Al Cas degli uomini, come dalle donne, i migranti possono cucinare da soli ciò che mangiano. E’ un fatto eccezionale perché quasi sempre viene imposto un servizio di catering che non tiene conto di gusti o esigenze religiose. Gli attivisti vedono che le cose sono migliorate rispetto alla precedente gestione. Ci sono diciannove uomini nella nuova struttura (una ex casa famiglia), e undici che stanno nel mattonificio lì vicino presto dormiranno sotto lo stesso tetto degli altri. Qui gli ospiti arrivano anche dall’Iraq, dal Camerun oltre che Nigeria e Mali. Ci sono anche una donna che sta aspettando di andare a Foggia dove il marito ha trovato lavoro e due minori affidati ad uno zio.

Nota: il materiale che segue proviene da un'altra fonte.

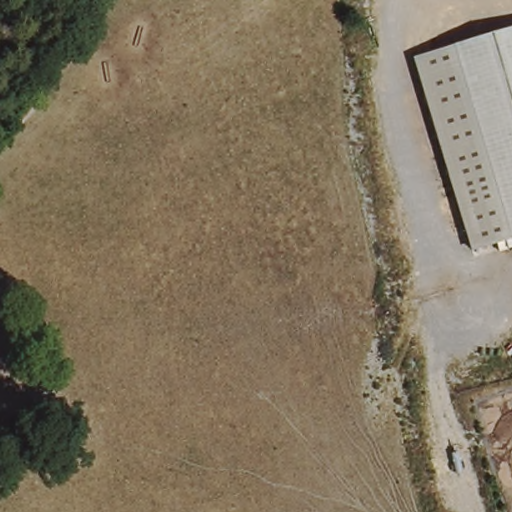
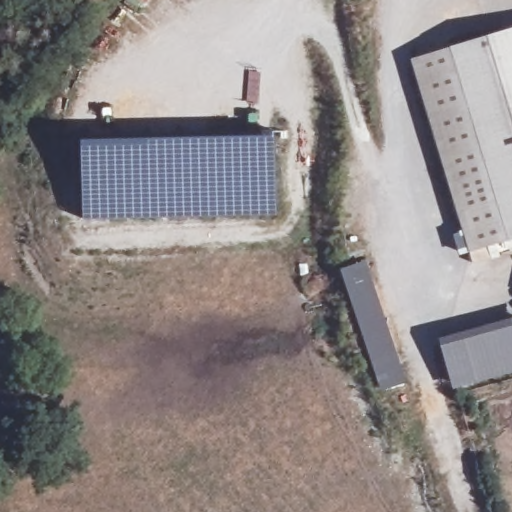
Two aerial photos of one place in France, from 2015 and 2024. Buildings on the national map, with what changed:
unchanged [(503,251),(474,260),(457,203),(494,190),(451,57),(512,38),(512,257),(506,258),(503,251)]
unchanged [(494,190),(457,203),(413,69),(451,57),(494,190)]
new [(274,134),(276,214),(235,215),(149,215),(83,217),(80,138),(274,134)]
new [(366,259),(395,343),(407,382),(381,391),(339,268),(366,259)]
new [(512,376),(497,381),(456,392),(445,355),(512,335),(512,376)]

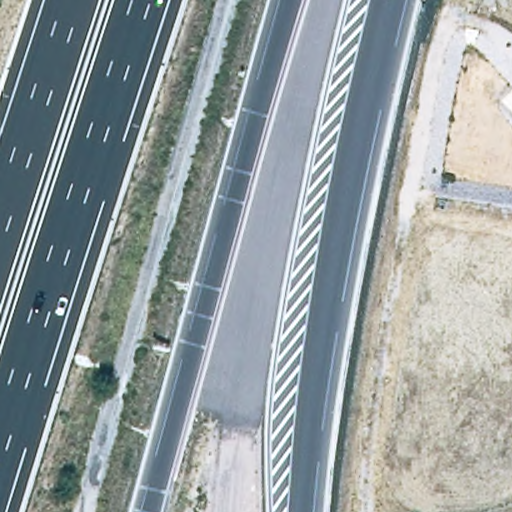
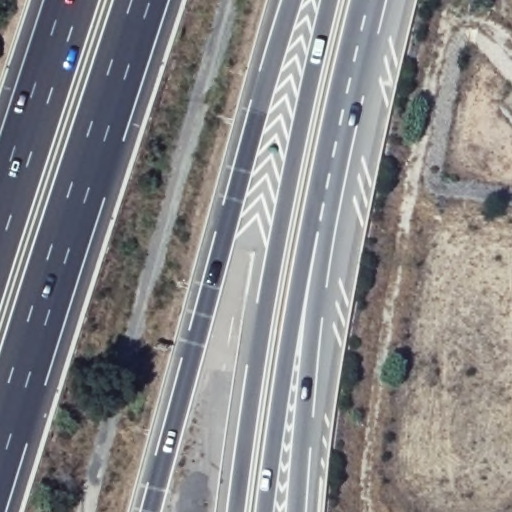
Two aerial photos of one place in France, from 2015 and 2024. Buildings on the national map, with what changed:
[]

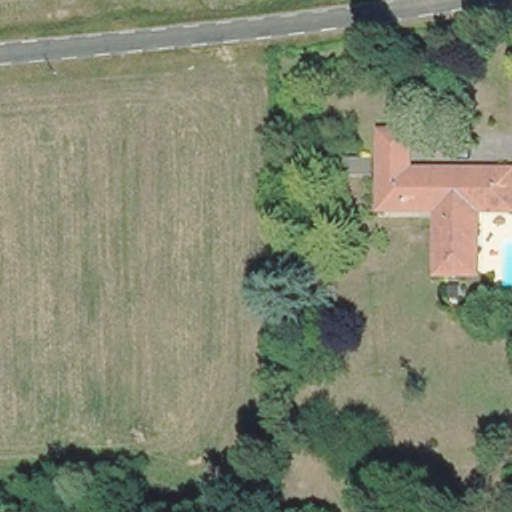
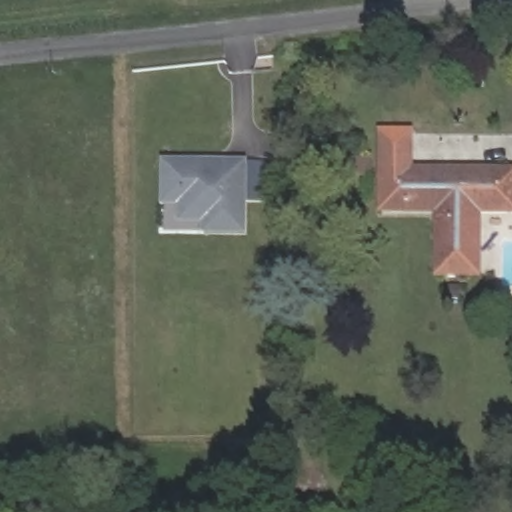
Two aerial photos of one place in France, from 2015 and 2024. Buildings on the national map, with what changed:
unchanged [(506,209),(472,209),(471,274),(432,273),(433,209),(376,209),(377,133),(405,133),(404,169),(507,171),(506,209)]
new [(202,233),(201,222),(178,222),(178,205),(161,205),(161,159),(247,159),(248,233),(202,233)]
unchanged [(458,286),(458,298),(448,298),(449,286),(458,286)]

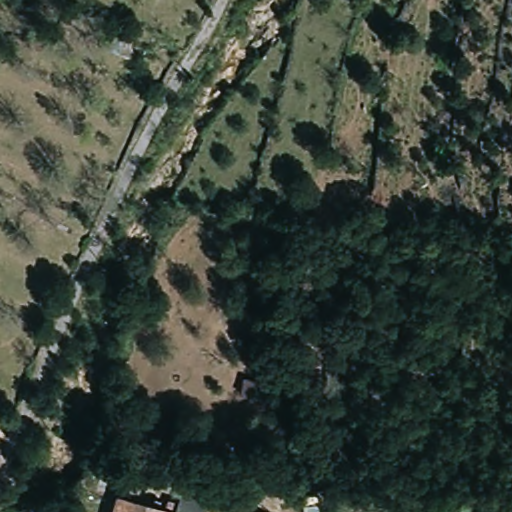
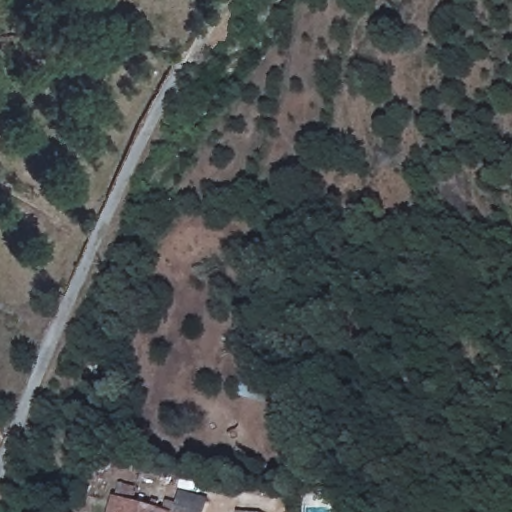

Tutti però raccontano di come il posto sia isolato e questo riporta al tema principale: mettere in piedi un Cas oggi è fin troppo facile e questo fa in modo che vengano aperti in località molto periferiche. Nella turistica Camigliatello, trenta chilometri da Cosenza, la prefettura ha fatto chiudere un Cas dopo che le associazioni hanno denunciato la situazione in cui i migranti vivevano. Una situazione di degrado. Una foto vista troppe volte in questa calda estate italiana.

Francesco Cangemi
Francesco Cangemi

Giornalista pubblicista che ama definirsi cantore della modernità e signor Wolf in salsa bruzia. Prima che nelle redazioni ha bazzicato per qualche anno nel teatro come attore e con qualche esperimento alla regia ma poi, per fortuna, ha smesso. Ha scritto diversi racconti ma molti sono ancora nella sua testa e ha collaborato a smisurate cose. Ah sì... ogni tanto parla in terza persona...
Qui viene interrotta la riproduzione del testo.